Please install using the setup.py.
$ git clone https://github.com/webbtheosim/gcgnn.git
$ cd gcgnn
$ conda create --name gcgnn python=3.8.16
$ conda activate gcgnn
$ # or source activate gcgnn
$ pip install -e .Select a disk location for data storage and update the directory paths before running the program. Download the required data from Zenodo here.
- DATA_DIR: Stores data pickle files (approx. 210 MB).
Additional training weights and results can be downloaded here.
- TRAIN_RESULT_DIR or HIST_DIR (optional): Stores training results in pickle format (approx. 2.5 GB).
- MODEL_DIR (optional): Stores training weights in .h5 format (approx. 1.3 GB).
To train from scratch, only the DATA_DIR is required.
# LOAD SIMULATION DATA
DATA_DIR = "your/custom/dir/"
mw = 40 # or 90, 190 MWs
filename = os.path.join(DATA_DIR, f"pattern_graph_data_{mw}_{mw+20}_rg_new.pickle")
with open(filename, "rb") as handle:
graph = pickle.load(handle)
label = pickle.load(handle)
desc = pickle.load(handle)
meta = pickle.load(handle)
mode = pickle.load(handle)
rg2_mean = pickle.load(handle)
rg2_std = pickle.load(handle) ** 0.5 # var
# combine asymmetric and symmetric star polymers
label[label == 'stara'] = 'star'
# combine bottlebrush and other comb polymers
label[label == 'bottlebrush'] = 'comb'
# LOAD GAUSSIAN CHAIN THEORETICAL DATA
with open(os.path.join(DATA_DIR, f"rg2_baseline_{mw}_new.pickle"), "rb") as handle:
rg2_mean_theo = pickle.load(handle)[:, 0]
rg2_std_theo = pickle.load(handle)[:, 0]- graph: NetworkX graph representations of polymers. The node attribute "type" denotes the monomer type.
- label: Architectural classes of polymers (e.g., linear, cyclic, star, branch, comb, dendrimer).

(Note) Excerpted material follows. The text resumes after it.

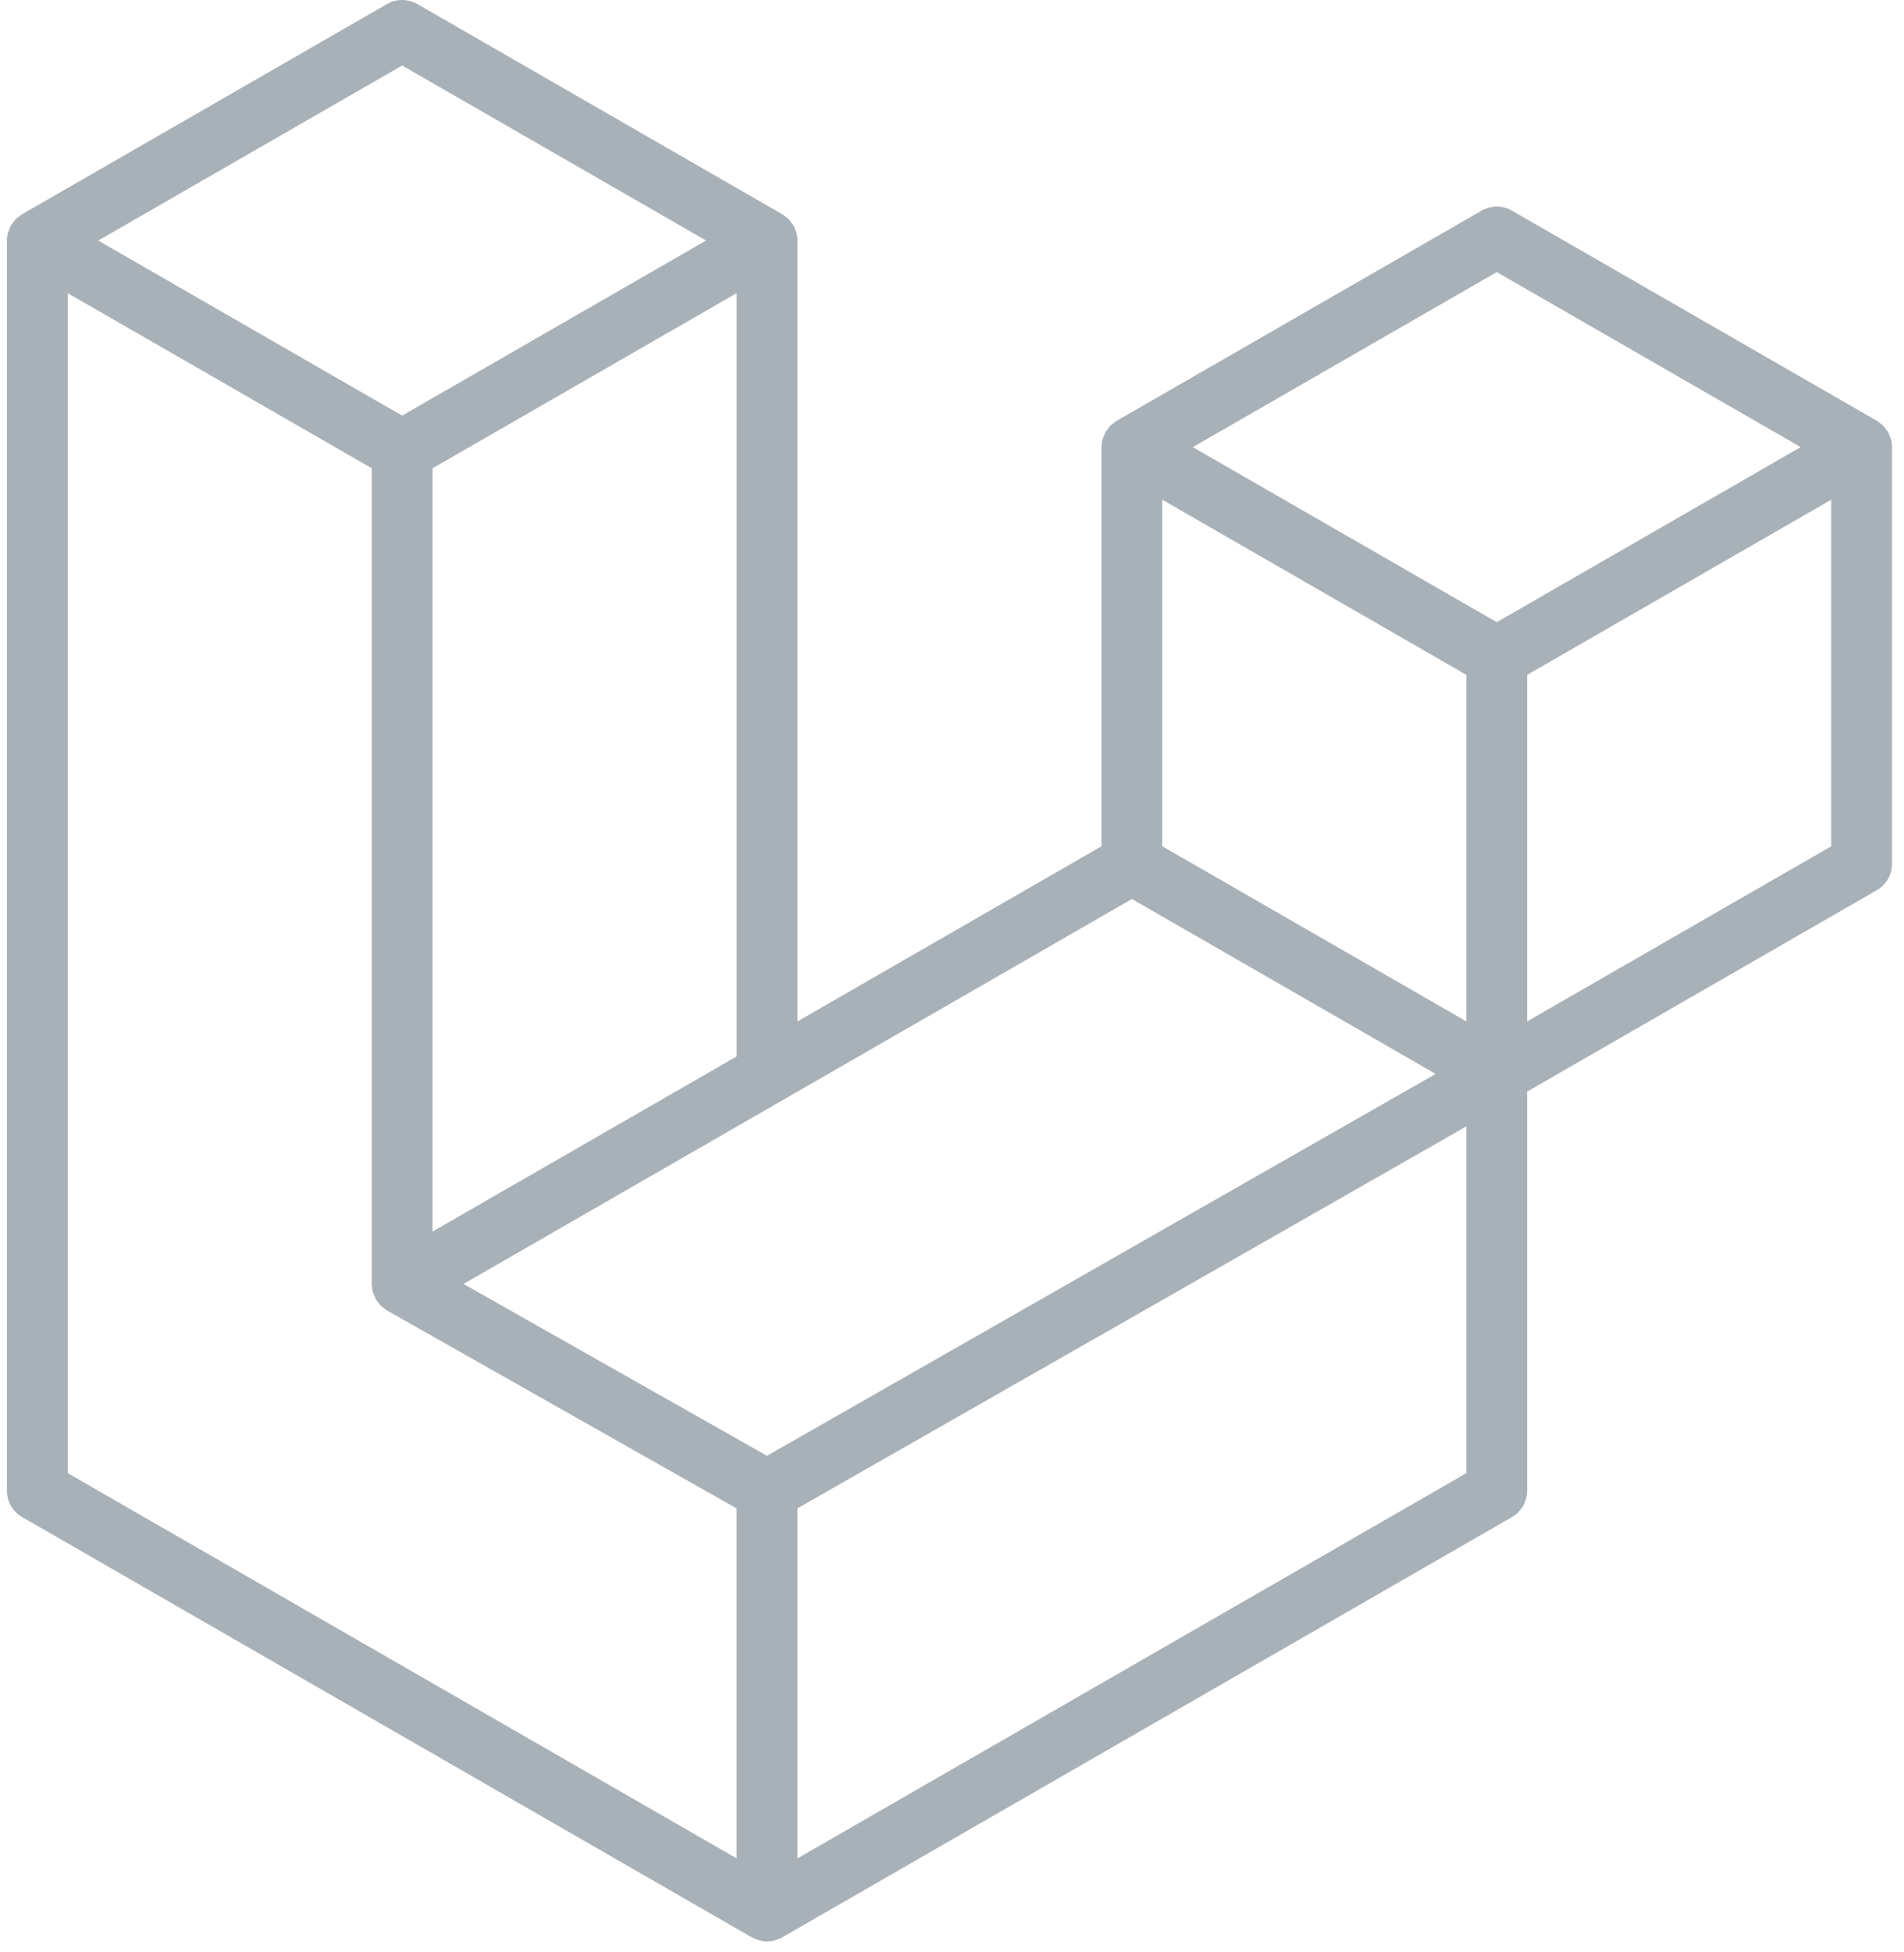 <svg width="80" height="82" viewBox="0 0 80 82" fill="none" xmlns="http://www.w3.org/2000/svg">
<path d="M79.453 18.446C79.482 18.555 79.497 18.667 79.497 18.78V36.282C79.497 36.739 79.253 37.162 78.856 37.389L64.166 45.847V62.611C64.166 63.067 63.923 63.488 63.528 63.718L32.864 81.37C32.794 81.41 32.717 81.435 32.641 81.462C32.612 81.472 32.585 81.489 32.554 81.497C32.34 81.554 32.115 81.554 31.9 81.497C31.865 81.488 31.833 81.469 31.8 81.456C31.73 81.43 31.656 81.408 31.589 81.37L0.932 63.718C0.535 63.49 0.29 63.068 0.29 62.611V10.104C0.29 9.989 0.306 9.877 0.335 9.769C0.345 9.732 0.367 9.698 0.38 9.662C0.404 9.595 0.426 9.526 0.461 9.464C0.485 9.422 0.52 9.389 0.549 9.351C0.585 9.3 0.619 9.247 0.662 9.202C0.699 9.166 0.747 9.139 0.788 9.107C0.834 9.068 0.876 9.027 0.928 8.997H0.93L16.26 0.17C16.655 -0.057 17.141 -0.057 17.536 0.17L32.865 8.997H32.869C32.92 9.028 32.963 9.068 33.009 9.105C33.05 9.137 33.097 9.166 33.133 9.201C33.178 9.247 33.21 9.3 33.248 9.351C33.275 9.389 33.312 9.422 33.334 9.464C33.371 9.528 33.392 9.595 33.417 9.662C33.43 9.698 33.452 9.732 33.462 9.77C33.491 9.879 33.506 9.991 33.507 10.104V42.899L46.281 35.544V18.778C46.281 18.667 46.297 18.553 46.325 18.446C46.337 18.408 46.357 18.375 46.37 18.338C46.396 18.271 46.418 18.202 46.453 18.14C46.477 18.099 46.512 18.065 46.539 18.027C46.578 17.976 46.609 17.923 46.654 17.878C46.691 17.842 46.737 17.815 46.779 17.783C46.826 17.744 46.868 17.703 46.919 17.673H46.92L62.252 8.847C62.647 8.619 63.133 8.619 63.528 8.847L78.858 17.673C78.912 17.705 78.953 17.744 79.001 17.781C79.041 17.813 79.087 17.842 79.124 17.877C79.169 17.923 79.201 17.976 79.239 18.027C79.267 18.065 79.303 18.099 79.325 18.14C79.362 18.202 79.382 18.271 79.408 18.338C79.422 18.375 79.443 18.408 79.453 18.446ZM76.942 35.544V20.989L71.577 24.077L64.166 28.345V42.899L76.943 35.544H76.942ZM61.612 61.872V47.308L54.322 51.471L33.505 63.352V78.053L61.612 61.872ZM2.846 12.313V61.872L30.95 78.052V63.354L16.268 55.045L16.263 55.041L16.256 55.038C16.207 55.01 16.166 54.968 16.119 54.933C16.079 54.901 16.033 54.876 15.998 54.84L15.995 54.836C15.953 54.796 15.925 54.746 15.889 54.702C15.858 54.658 15.819 54.622 15.794 54.577L15.792 54.572C15.764 54.525 15.746 54.467 15.725 54.413C15.704 54.365 15.677 54.32 15.665 54.269V54.268C15.649 54.207 15.646 54.143 15.639 54.081C15.633 54.033 15.62 53.985 15.62 53.938V53.934V19.668L8.21 15.4L2.846 12.315V12.313ZM16.899 2.751L4.127 10.104L16.896 17.456L29.667 10.102L16.896 2.751H16.899ZM23.542 48.635L30.951 44.37V12.313L25.587 15.401L18.175 19.668V51.725L23.542 48.635ZM62.89 11.428L50.119 18.78L62.89 26.132L75.659 18.778L62.89 11.428ZM61.612 28.345L54.201 24.077L48.836 20.989V35.544L56.246 39.809L61.612 42.899V28.345ZM32.226 61.143L50.958 50.449L60.322 45.105L47.56 37.758L32.867 46.217L19.476 53.926L32.226 61.143Z" fill="#A9B1B8"/>
</svg>

- desc: Topological descriptors (optional).
- meta: Identifiers for unique architectures (optional).
- mode: Identifiers for unique chemical patterns (optional).
- rg2_mean: Mean squared radii of gyration from simulations.
- rg2_std: Corresponding standard deviation from simulations.
- rg2_mean_theo: Mean squared radii of gyration from theoretical models.
- rg2_std_theo: Corresponding standard deviation from theoretical models.
To reproduce the figures and tables, refer to the notebook folder:
- figure_data.ipynb: Visualizes polymer architecture and chemical patterns used in the study.
- figure_result.ipynb: Visualizes all result figures from the paper.
The core codes are located in the gcgnn folder:
- train.py: Handles the training of GC, GNN, and GC-GNN models, including setup and execution.
- model_utils.py: Provides utility functions to support model training processes.
- gen_base_rg2.py: Generates theoretical mean and standard deviation values for Gaussian Chain squared radius of gyration squared.
- analysis: Contains scripts to calculate and evaluate accuracy metrics for model predictions.
- gen_data: Scripts for generating unique polymer architectures, represented as graph structures.
- gen_pattern: Assigns specific chemical patterns to the generated polymer architectures.
- model_data: Preprocesses datasets, including feature extraction and formatting, for model training.
- models: Defines the architecture and implementation of various machine learning models used in the study.
- plot: Scripts to create visual representations of data, including figures for analysis and publication.
The result_temp and csv_result folders contain temporary files used for figure preparation and table creation. To generate your own results, set rerun=True in notebooks.
The submit folder contains job submission scripts tailored for High-Performance Computing environments.
- submit_train.submit: Train neural networks.
- gen_base_rg2.submit: Generate all theoretical Rg predictions.